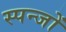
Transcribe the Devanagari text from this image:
स्पन्जों
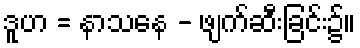
ဒူဟ = နာသနေ - ဖျက်ဆီးခြင်း၌။
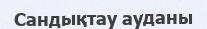
Сандықтау ауданы
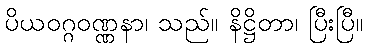
ပိယဝဂ္ဂဝဏ္ဏနာ၊ သည်။ နိဋ္ဌိတာ၊ ပြီးပြီ။
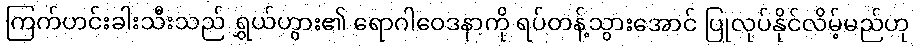
ကြက်ဟင်းခါးသီးသည် ရွှယ်ဟွား၏ ရောဂါဝေဒနာကို ရပ်တန့်သွားအောင် ပြုလုပ်နိုင်လိမ့်မည်ဟု
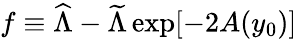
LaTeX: f\equiv{\widehat\Lambda}-{\widetilde\Lambda}\exp[-2A(y_{0})]
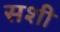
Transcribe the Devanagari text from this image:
सशी
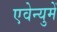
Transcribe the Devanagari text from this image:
एवेन्युमें
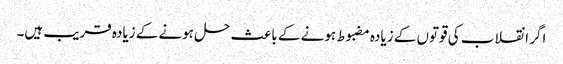
اگر انقلاب کی قوتوں کے زیادہ مضبوط ہونے کے باعث حل ہونے کے زیادہ قریب ہیں۔

====

* Task instructions *
Leaving every picture aside, repeat the listing exactly.

* Response *
Transcribe the Devanagari text from this image:
स्पन्जों
ဒူဟ = နာသနေ - ဖျက်ဆီးခြင်း၌။
Сандықтау ауданы
ပိယဝဂ္ဂဝဏ္ဏနာ၊ သည်။ နိဋ္ဌိတာ၊ ပြီးပြီ။
ကြက်ဟင်းခါးသီးသည် ရွှယ်ဟွား၏ ရောဂါဝေဒနာကို ရပ်တန့်သွားအောင် ပြုလုပ်နိုင်လိမ့်မည်ဟု
LaTeX: f\equiv{\widehat\Lambda}-{\widetilde\Lambda}\exp[-2A(y_{0})]
Transcribe the Devanagari text from this image:
सशी
Transcribe the Devanagari text from this image:
एवेन्युमें
اگر انقلاب کی قوتوں کے زیادہ مضبوط ہونے کے باعث حل ہونے کے زیادہ قریب ہیں۔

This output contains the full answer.